Comprehensive federal legislation referred to as the Setting Every Community Up for Retirement Enhancement (SECURE) Act (the “Secure Act”), became effective on January 1, 2020. The Secure Act makes changes to federal policy which may impact planning related to defined contribution plans, defined benefit plans, individual retirement accounts, and 529 plans. This article focuses on certain changes that impact owners and beneficiaries of retirement accounts, including traditional individual retirement accounts, Roth individual retirement accounts, and 401(k) and 403(b) plans (collectively “IRAs”).

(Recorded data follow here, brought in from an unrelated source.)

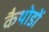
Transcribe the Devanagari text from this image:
कैथोडों
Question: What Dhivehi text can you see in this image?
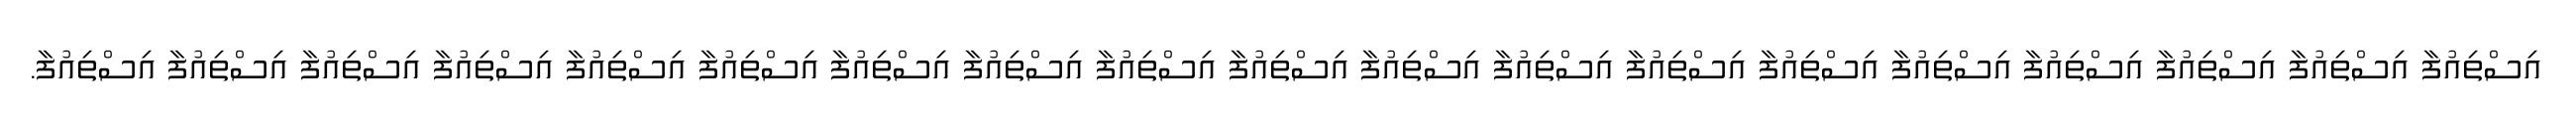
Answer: އިސްތިއުފާ އިސްތިއުފާ އިސްތިއުފާ އިސްތިއުފާ އިސްތިއުފާ އިސްތިއުފާ އިސްތިއުފާ އިސްތިއުފާ އިސްތިއުފާ އިސްތިއުފާ އިސްތިއުފާ އިސްތިއުފާ އިސްތިއުފާ އިސްތިއުފާ އިސްތިއުފާ އިސްތިއުފާ އިސްތިއުފާ އިސްތިއުފާ އިސްތިއުފާ.
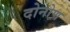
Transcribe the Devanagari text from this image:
दोनोण
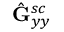
\hat { \mathbf { G } } _ { y y } ^ { s c }
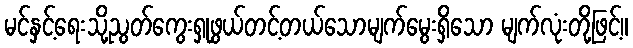
မင်နှင့်ရေးသို့ညွတ်ကွေးရှုဖွယ်တင့်တယ်သောမျက်မွေးရှိသော မျက်လုံးတို့ဖြင့်။
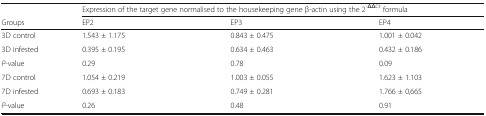
<table><thead><tr><td></td><td colspan="3"><b>Expression of the target gene normalised to the housekeeping gene β-actin using the 2<sup>-ΔΔCt</sup> formula</b></td></tr><tr><td><b>Groups</b></td><td><b>EP2</b></td><td><b>EP3</b></td><td><b>EP4</b></td></tr></thead><tbody><tr><td>3D control</td><td>1.543 ± 1.175</td><td>0.843 ± 0.475</td><td>1.001 ± 0.042</td></tr><tr><td>3D infested</td><td>0.395 ± 0.195</td><td>0.634 ± 0.463</td><td>0.432 ± 0.186</td></tr><tr><td><i>P</i>-value</td><td>0.29</td><td>0.78</td><td>0.09</td></tr><tr><td>7D control</td><td>1.054 ± 0.219</td><td>1.003 ± 0.055</td><td>1.623 ± 1.103</td></tr><tr><td>7D infested</td><td>0.693 ± 0.183</td><td>0.749 ± 0.281</td><td>1.766 ± 0,665</td></tr><tr><td><i>P</i>-value</td><td>0.26</td><td>0.48</td><td>0.91</td></tr></tbody></table>
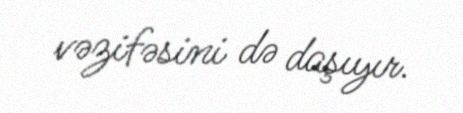
vəzifəsini də daşıyır.
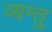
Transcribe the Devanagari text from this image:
व्यन्तु
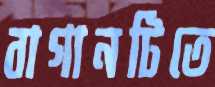
বাগানটিতে
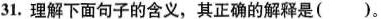
31.理解下面句子的含义，其正确的解释是()。
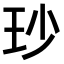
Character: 𤤉
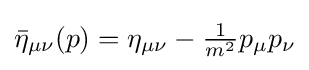
{\textstyle {\bar {\eta }}_{\mu \nu }(p)=\eta _{\mu \nu }-{\tfrac {1}{m^{2}}}p_{\mu }p_{\nu }}
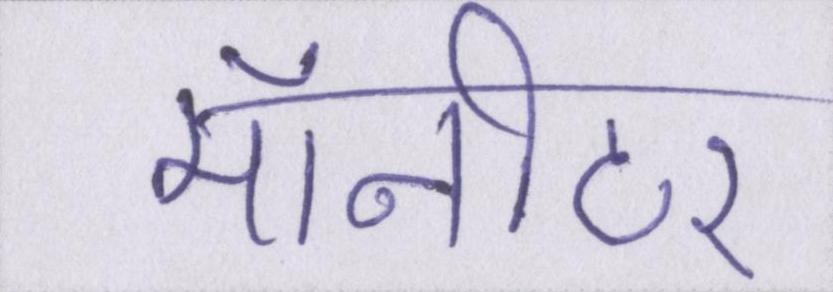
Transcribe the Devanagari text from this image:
मॉनीटर
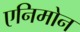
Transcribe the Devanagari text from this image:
एनिमोन
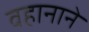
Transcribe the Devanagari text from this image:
वहानाने
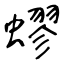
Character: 蟉
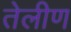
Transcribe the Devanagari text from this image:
तेलीण
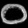
Digit: ၀
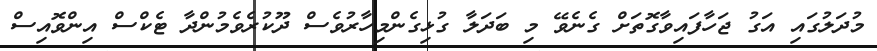
މުދަލުގައި އަގު ޖަހާފައިވާގޮތަށް ގެނެވޭ މި ބަދަލާ ގުޅިގެންމިހާރުވެސް ދޫކުރެވެމުންދާ ޓެކްސް އިންވޮއިސް
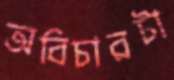
অবিচারটা
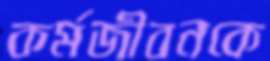
কর্মজীবনকে
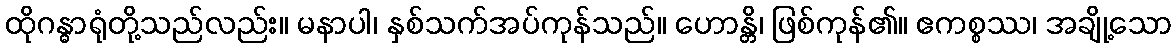
ထိုဂန္ဓာရုံတို့သည်လည်း။ မနာပါ၊ နှစ်သက်အပ်ကုန်သည်။ ဟောန္တိ၊ ဖြစ်ကုန်၏။ ဧကစ္စဿ၊ အချို့သော
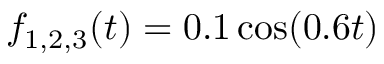
f _ { 1 , 2 , 3 } ( t ) = 0 . 1 \cos ( 0 . 6 t )
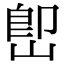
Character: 𡷦

Required Minimum Distributions to Account Owner: The Secure Act raised the age at which an IRA owner is required to take minimum distributions (“RMDs”) from 70½ to 72 years old, for any account owner who turned age 70½ after December 31, 2019. Required Minimum Distributions for Inherited IRAs: Prior to the passage of the Secure Act, the timing of RMDs for an inherited IRA generally was based on the life expectancy of the person inheriting the IRA. This allowed individuals to “stretch” distributions from an inherited IRA over their lifetimes (as determined under IRS tables). The Secure Act, with some exceptions, requires individuals to take RMDs by December 31st of the tenth year following the death of the original account holder. This change only impacts IRAs which are inherited on or after January 1, 2020.

For example, if Jane inherits an IRA from her father who died on December 30, 2019, she can extend the RMDs over her lifetime, thereby stretching out income tax liability. In contrast, if Jane’s father died on January 1, 2020, with some exceptions, Jane must take RMDs by December 31, 2030.

Fortunately, certain individuals are exempt from the 10-year distribution rule, including a surviving spouse, minor children, individuals who are disabled, chronically ill or are less than 10 years younger than the original account holder.

For instance, using the example provided above, if Jane inherits an IRA from her father who died on or after January 1, 2020, and if Jane is an individual who is disabled or chronically ill as determined by the Secure Act, she will be able to extend RMDs over her lifetime. Based on the circumstances, if Jane is a minor child at the time her father dies, she potentially may be able to extend RMDs until age 36.

Contributions to IRAs: Prior to the Secure Act, the age limit in which an individual could contribute to an IRA was capped at age 70½. The Secure Act removes the age cap and allows individual to contribute earned income to a traditional IRA at any age.